Data extracted from a collection:
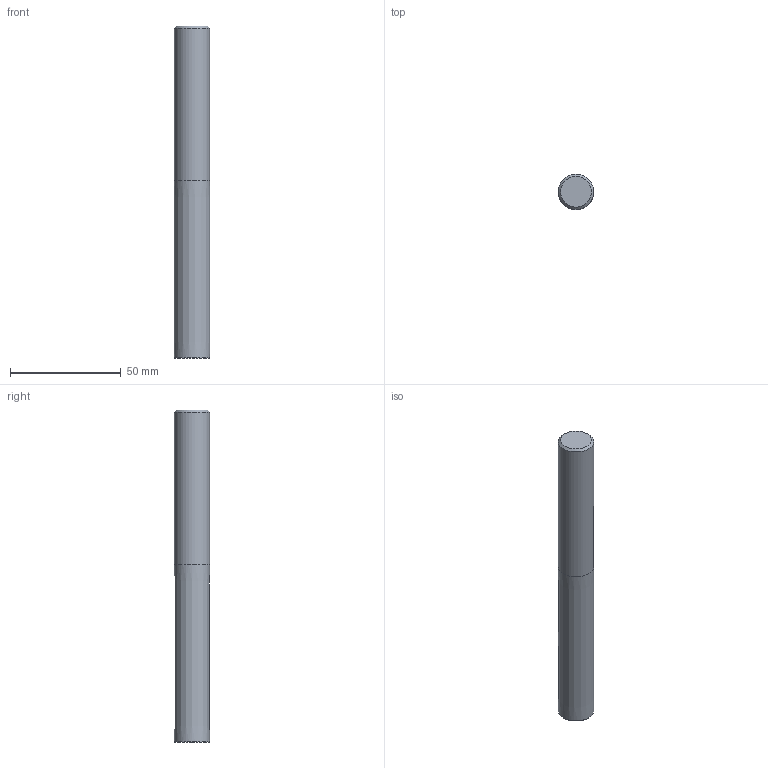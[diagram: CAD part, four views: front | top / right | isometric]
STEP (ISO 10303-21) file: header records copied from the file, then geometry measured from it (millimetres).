
FILE_DESCRIPTION(/* description */ (''),/* implementation_level */ '2;1');
FILE_NAME(/* name */ 'JS564160D4C.0Z4C-NXT_Basic.stp',/* time_stamp */ '2024-05-22T10:10:30+06:00',/* author */ (''),/* organization */ (''),/* preprocessor_version */ 'ST-DEVELOPER v16.7',/* originating_system */ 'SIEMENS PLM Software NX 12.0',/* authorisation */ '');
FILE_SCHEMA (('AUTOMOTIVE_DESIGN { 1 0 10303 214 3 1 1 1 }'));
Length unit declared in the file: millimetre
Products named in the file (1): inpu56149FCEvevn
Bounding box: 16 x 16 x 150 mm (x, y, z)
Volume: 30120.2 mm3; surface area: 8305.3 mm2
Topology: 2 solids, 2 shells, 8 faces, 11 edges, 8 vertices
Faces by surface type: plane 4, cone 3, cylinder 1
Full cylindrical faces by diameter (mm): 16 x1
Entity records: 240 total; most frequent: CARTESIAN_POINT 41, DIRECTION 36, AXIS2_PLACEMENT_3D 18, EDGE_LOOP 12, ORIENTED_EDGE 12, ADVANCED_FACE 8, FACE_BOUND 8, STYLED_ITEM 7

Description of the task: What is wanted is a word-for-word restatement of the entries, without their images.

Answer space:
[diagram: CAD part, four views: front | top / right | isometric]
STEP (ISO 10303-21) file: header records copied from the file, then geometry measured from it (millimetres).
FILE_DESCRIPTION(/* description */ (''),/* implementation_level */ '2;1');
FILE_NAME(/* name */ 'JS564160D4C.0Z4C-NXT_Basic.stp',/* time_stamp */ '2024-05-22T10:10:30+06:00',/* author */ (''),/* organization */ (''),/* preprocessor_version */ 'ST-DEVELOPER v16.7',/* originating_system */ 'SIEMENS PLM Software NX 12.0',/* authorisation */ '');
FILE_SCHEMA (('AUTOMOTIVE_DESIGN { 1 0 10303 214 3 1 1 1 }'));
Length unit declared in the file: millimetre
Products named in the file (1): inpu56149FCEvevn
Bounding box: 16 x 16 x 150 mm (x, y, z)
Volume: 30120.2 mm3; surface area: 8305.3 mm2
Topology: 2 solids, 2 shells, 8 faces, 11 edges, 8 vertices
Faces by surface type: plane 4, cone 3, cylinder 1
Full cylindrical faces by diameter (mm): 16 x1
Entity records: 240 total; most frequent: CARTESIAN_POINT 41, DIRECTION 36, AXIS2_PLACEMENT_3D 18, EDGE_LOOP 12, ORIENTED_EDGE 12, ADVANCED_FACE 8, FACE_BOUND 8, STYLED_ITEM 7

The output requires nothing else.